Deployment of solar power is expected to increase dramatically on the transmission grid operated by PJM Interconnection, which spans 13 Mid-Atlantic and Midwest states and the District of Columbia. While there was about 1 gigawatt of installed solar capacity on PJM’s system as of the end of 2020, there were nearly 59 gigawatts of proposed solar projects in its interconnection queue. Ken Seiler, PJM’s vice president for planning, spoke with EPRI Journal about how it is responding to the trend.

Ken Seiler

EPRI Journal: What grid reliability challenges are you concerned will begin to appear due to all the expected solar plant interconnections?

Seiler: We are inundated with renewable projects, whether they’re solar, wind, or a hybrid project with batteries. Most of the proposed solar generation is on the sub-transmission system. Compared with the large central station generation paradigm of the 1950s, ’60s, and ’70s, the proposed generation in our queue is much closer to major load centers and much more distributed. In some cases, it’s on the distribution circuits that serve loads. When these solar systems switch on and off or ramp up and down, that can lead to challenges for some customers, such as power quality impacts and transients, which are momentary voltage and current spikes from switching devices on and off.

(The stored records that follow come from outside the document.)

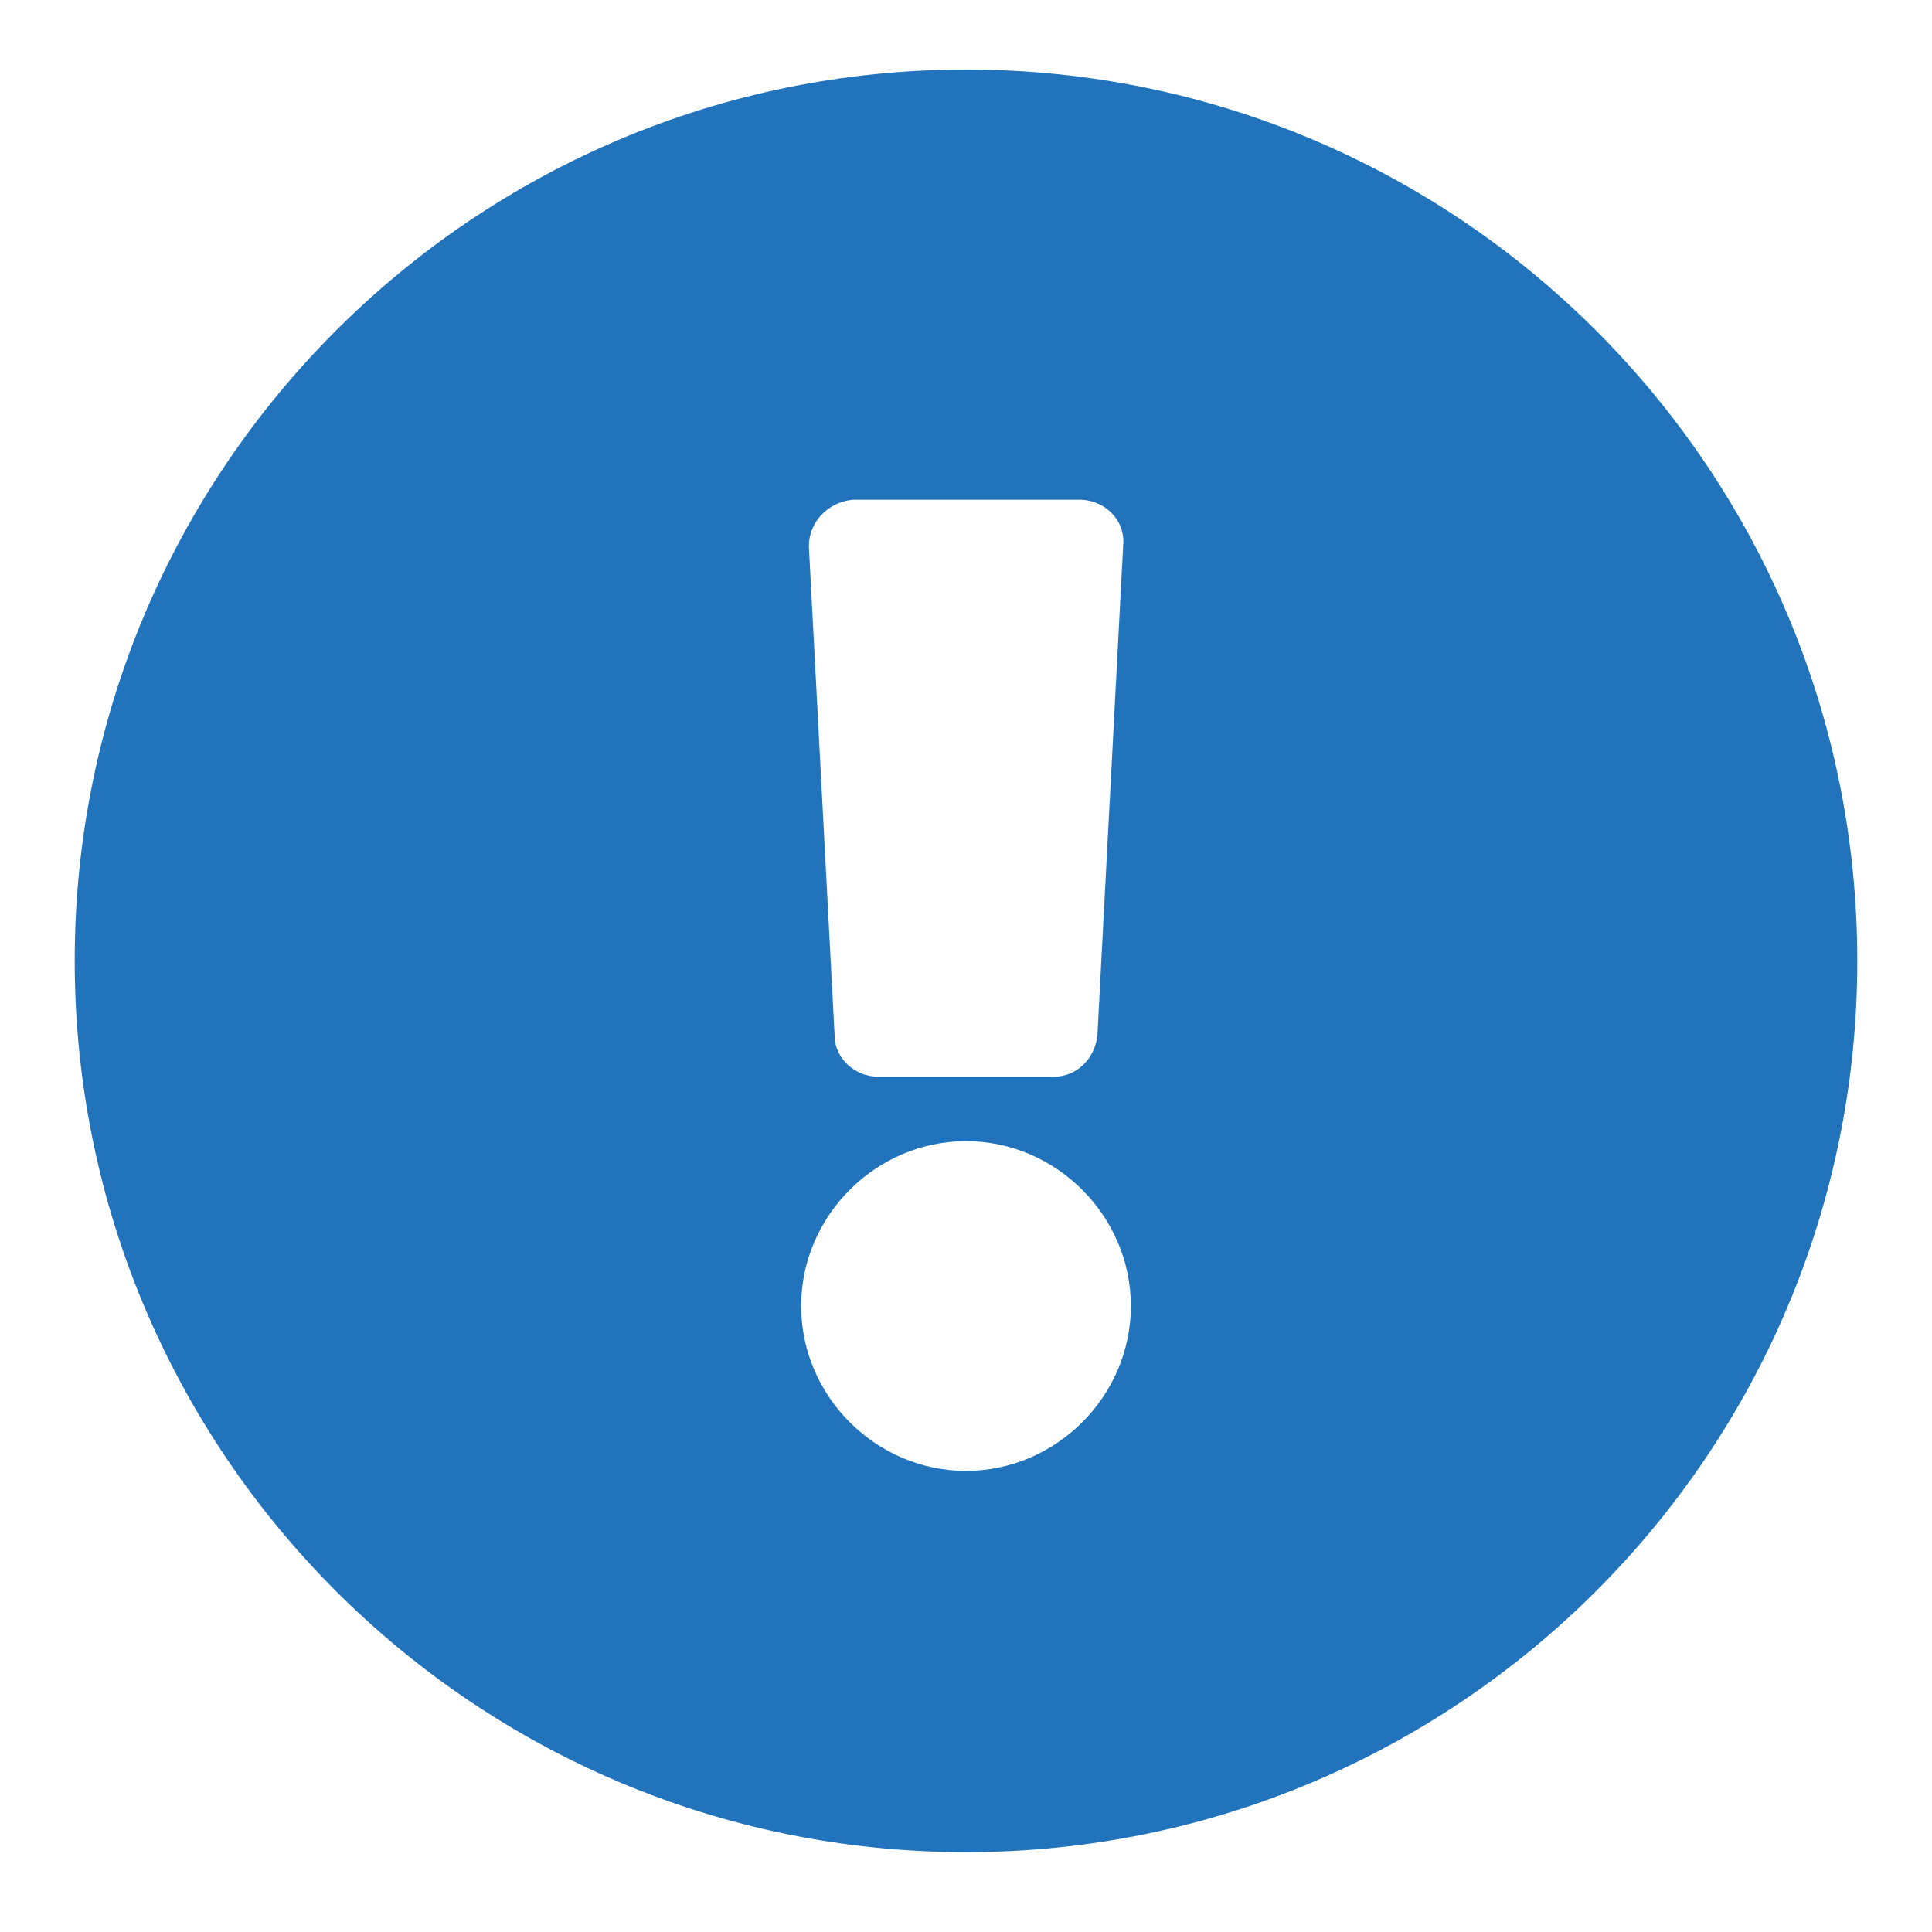 <?xml version="1.0" encoding="utf-8"?>
<!-- Generator: Adobe Illustrator 26.0.3, SVG Export Plug-In . SVG Version: 6.00 Build 0)  -->
<svg version="1.1" id="Layer_1" xmlns="http://www.w3.org/2000/svg" xmlns:xlink="http://www.w3.org/1999/xlink" x="0px" y="0px"
	 viewBox="0 0 75 75" style="enable-background:new 0 0 75 75;" xml:space="preserve">
<style type="text/css">
	.st0{fill:#2174BB;}
</style>
<path class="st0" d="M72.1,37.3c0,19.1-15.5,34.6-34.6,34.6S2.9,56.4,2.9,37.3c0-19.1,15.5-34.6,34.6-34.6S72.1,18.2,72.1,37.3z
	 M37.5,44.3c-3.5,0-6.4,2.9-6.4,6.4s2.9,6.4,6.4,6.4s6.4-2.9,6.4-6.4S41,44.3,37.5,44.3z M31.4,21.2l1,19c0,0.9,0.8,1.6,1.7,1.6h6.8
	c0.9,0,1.6-0.7,1.7-1.6l1-19c0.1-1-0.7-1.8-1.7-1.8h-8.8C32.1,19.5,31.4,20.3,31.4,21.2L31.4,21.2z"/>
</svg>

We’re also seeing concentrations of solar power in certain areas—on the scale of hundreds of megawatts—that is flowing up onto the transmission system. The transmission system has to be able to accommodate those flows so far. These solar systems are intermittent and not dispatchable, meaning we can’t turn them on and off quickly. Where there are large concentrations, we need to understand the grid impacts and how to manage them. I expect that this will involve the development of additional tools and processes to study.

EJ: Are there locations of particular concern?

Seiler: We have a number of areas in our system with older transmission lines or substations. Based on the penetration of solar and resulting grid impacts in those areas, we may decide to replace some of that aging infrastructure. We are looking for synergies in certain areas with a combination of aging infrastructure, concentrations of solar, and transmission grid impacts to determine the most cost-effective upgrades needed to accommodate solar interconnections reliably.

EJ: Are there early signs of these challenges emerging?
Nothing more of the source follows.